[SUPPLIED DATA]

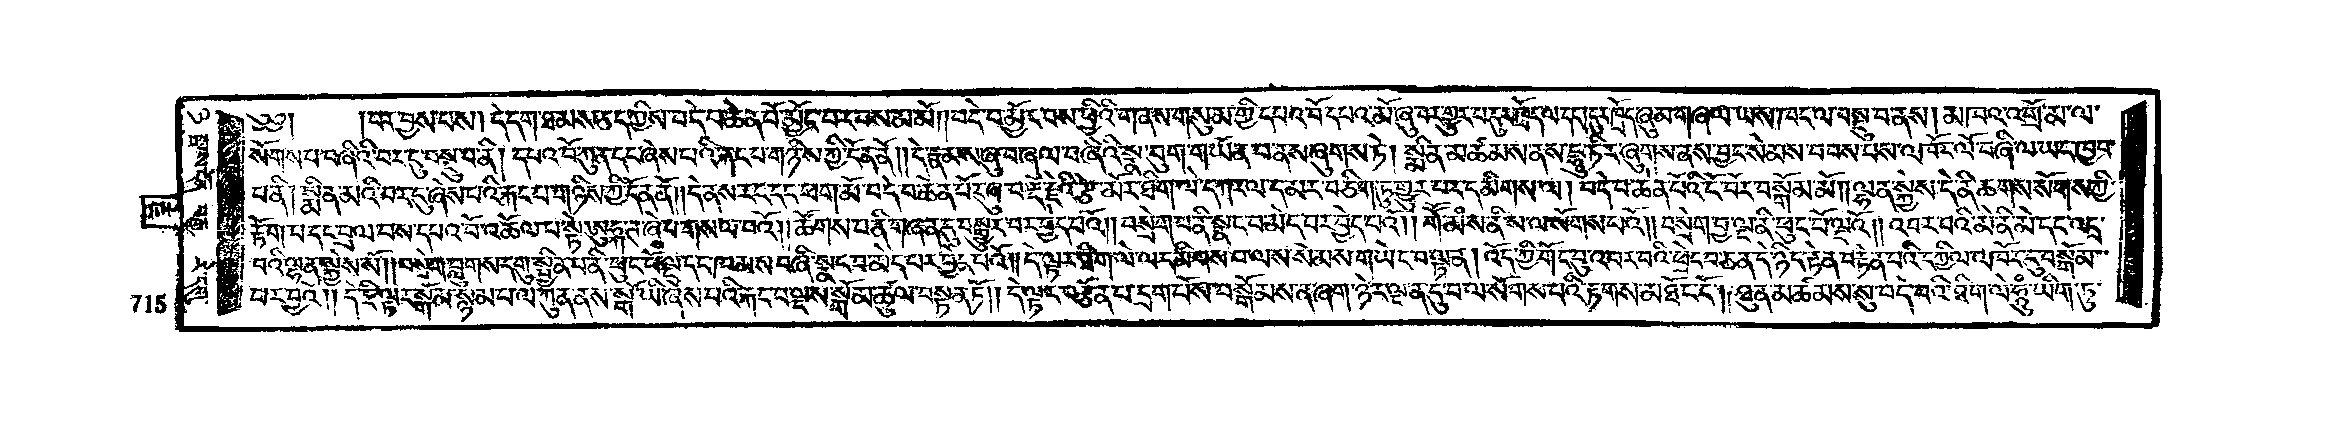༄༅། །བར་བྱས་པས། དེ་དག་ཐམས་ཅད་ཀྱིས་བདེ་བ་ཆེན་པོ་མྱོང་བར་བསམ་མོ། །བདེ་བ་མྱོང་བས་ཕྱིའི་གནས་གསུམ་གྱི་དཔའ་བོ་དཔའ་མོ་ཞུ་བར་གྱུར་པ་དུར་ཁྲོད་ལ་དང་། དུར་ཁྲོད་ཞུ་བ་གཞལ་ཡས་ཁང་ལ་བསྡུ་བ་ནས། མཁའ་འགྲོ་མ་ལ་
སོགས་པ་བཞིའི་བར་དུ་བསྡུ་བ་ནི། དཔའ་བོ་ཀུན་དང་ཞེས་པའི་རྐང་པ་གཉིས་ཀྱི་དོན་ནོ། །དེ་རྣམས་ཞུ་བ་ཞལ་བཞིའི་སྣ་བུག་གཡོན་པ་ནས་ཞུགས་ཏེ། སྨིན་མཚམས་ནས་དྷཱུ་ཏིར་ཞུགས་ནས་བྱང་སེམས་བབས་པས་འཁོར་ལོ་བཞི་ལ་ཡང་ཁྱད་
པ་ནི། སྨིན་མའི་བར་དུ་ཞེས་པའི་རྐང་པ་གཉིས་ཀྱི་དོན་ནོ། །དེ་ནས་རང་དང་ཕག་མོ་བདེ་བ་ཆེན་པོར་ཞུ་བ་རྡོ་རྗེའི་རྩེ་མོར་ཐིག་ལེ་དཀར་ལ་དམར་བ་ཅིག་ཏུ་གྱུར་པར་དམིགས་ལ། བདེ་བ་ཆེན་པོའི་ངོ་བོར་བསྒོམ་མོ། །ལྷན་སྐྱེས་དེ་ནི་ཆགས་སོགས་ཀྱི་
རྟོག་པ་དང་བྲལ་བས་དཔའ་བོ་འཆོལ་པ་སྟེ་ཨུཧྐ་ཊ་ཞེས་པ་གསལ་བའོ། །ཚོགས་པ་ནི་གཞན་དུ་བསྒྱུར་བར་བྱེད་པའོ། །བསྲེག་པ་ནི་སྣང་བ་མེད་པར་བྱེད་པའོ། །གཽ་མཾ་ས་ནི་ས་ལ་སོགས་པའོ། །བསྲེག་བྱ་ལྔ་ནི་ཕུང་པོ་ལྔའོ། །འབར་བའི་མེ་ནི་མེ་དང་འདྲ་
བའི་ལྷན་སྐྱེས་སོ། །བསྲེག་བླུགས་དགུ་སྦྱིན་པ་ནི་ཕུང་པོ་ལྔ་དང་ཁམས་བཞི་སྣང་བ་མེད་པར་བྱེད་པའོ། །དེ་ལྟར་ཐིག་ལེ་ལ་དམིགས་པ་ལས་སེམས་གཡེང་བ་ལྟ་ན། འོད་ཀྱི་གོང་བུ་འབར་བའི་ཕྲེང་བ་ཅན་དེ་ཉིད་རྟེན་བརྟེན་བའི་དཀྱིལ་འཁོར་དུ་བསྒོམ་
པར་བྱའོ། །དེ་ཇི་ལྟར་སྒོམ་སྙམ་པ་ལ་ཀུན་ནས་སྒོ་ཡི་ཞེས་པའི་རྐང་པ་ལྔས་སྒོམ་ཚུལ་བསྟན་ཏོ། །དེ་ལྟར་བརྩོན་པ་དྲག་པོས་བསྒོམས་ན་ཞག་ཉེར་ལྔ་ན་དུ་བ་ལ་སོགས་པའི་རྟགས་མཐོང་ངོ། །ཐུན་མཚམས་སུ་བདེ་བའི་ཐིག་ལེ་ཧཱུཾ་ཡིག་ཏུ་

[/SUPPLIED DATA]

A faithful copy of the data above is wanted, with every image left out.

༄༅། །བར་བྱས་པས། དེ་དག་ཐམས་ཅད་ཀྱིས་བདེ་བ་ཆེན་པོ་མྱོང་བར་བསམ་མོ། །བདེ་བ་མྱོང་བས་ཕྱིའི་གནས་གསུམ་གྱི་དཔའ་བོ་དཔའ་མོ་ཞུ་བར་གྱུར་པ་དུར་ཁྲོད་ལ་དང་། དུར་ཁྲོད་ཞུ་བ་གཞལ་ཡས་ཁང་ལ་བསྡུ་བ་ནས། མཁའ་འགྲོ་མ་ལ་
སོགས་པ་བཞིའི་བར་དུ་བསྡུ་བ་ནི། དཔའ་བོ་ཀུན་དང་ཞེས་པའི་རྐང་པ་གཉིས་ཀྱི་དོན་ནོ། །དེ་རྣམས་ཞུ་བ་ཞལ་བཞིའི་སྣ་བུག་གཡོན་པ་ནས་ཞུགས་ཏེ། སྨིན་མཚམས་ནས་དྷཱུ་ཏིར་ཞུགས་ནས་བྱང་སེམས་བབས་པས་འཁོར་ལོ་བཞི་ལ་ཡང་ཁྱད་
པ་ནི། སྨིན་མའི་བར་དུ་ཞེས་པའི་རྐང་པ་གཉིས་ཀྱི་དོན་ནོ། །དེ་ནས་རང་དང་ཕག་མོ་བདེ་བ་ཆེན་པོར་ཞུ་བ་རྡོ་རྗེའི་རྩེ་མོར་ཐིག་ལེ་དཀར་ལ་དམར་བ་ཅིག་ཏུ་གྱུར་པར་དམིགས་ལ། བདེ་བ་ཆེན་པོའི་ངོ་བོར་བསྒོམ་མོ། །ལྷན་སྐྱེས་དེ་ནི་ཆགས་སོགས་ཀྱི་
རྟོག་པ་དང་བྲལ་བས་དཔའ་བོ་འཆོལ་པ་སྟེ་ཨུཧྐ་ཊ་ཞེས་པ་གསལ་བའོ། །ཚོགས་པ་ནི་གཞན་དུ་བསྒྱུར་བར་བྱེད་པའོ། །བསྲེག་པ་ནི་སྣང་བ་མེད་པར་བྱེད་པའོ། །གཽ་མཾ་ས་ནི་ས་ལ་སོགས་པའོ། །བསྲེག་བྱ་ལྔ་ནི་ཕུང་པོ་ལྔའོ། །འབར་བའི་མེ་ནི་མེ་དང་འདྲ་
བའི་ལྷན་སྐྱེས་སོ། །བསྲེག་བླུགས་དགུ་སྦྱིན་པ་ནི་ཕུང་པོ་ལྔ་དང་ཁམས་བཞི་སྣང་བ་མེད་པར་བྱེད་པའོ། །དེ་ལྟར་ཐིག་ལེ་ལ་དམིགས་པ་ལས་སེམས་གཡེང་བ་ལྟ་ན། འོད་ཀྱི་གོང་བུ་འབར་བའི་ཕྲེང་བ་ཅན་དེ་ཉིད་རྟེན་བརྟེན་བའི་དཀྱིལ་འཁོར་དུ་བསྒོམ་
པར་བྱའོ། །དེ་ཇི་ལྟར་སྒོམ་སྙམ་པ་ལ་ཀུན་ནས་སྒོ་ཡི་ཞེས་པའི་རྐང་པ་ལྔས་སྒོམ་ཚུལ་བསྟན་ཏོ། །དེ་ལྟར་བརྩོན་པ་དྲག་པོས་བསྒོམས་ན་ཞག་ཉེར་ལྔ་ན་དུ་བ་ལ་སོགས་པའི་རྟགས་མཐོང་ངོ། །ཐུན་མཚམས་སུ་བདེ་བའི་ཐིག་ལེ་ཧཱུཾ་ཡིག་ཏུ་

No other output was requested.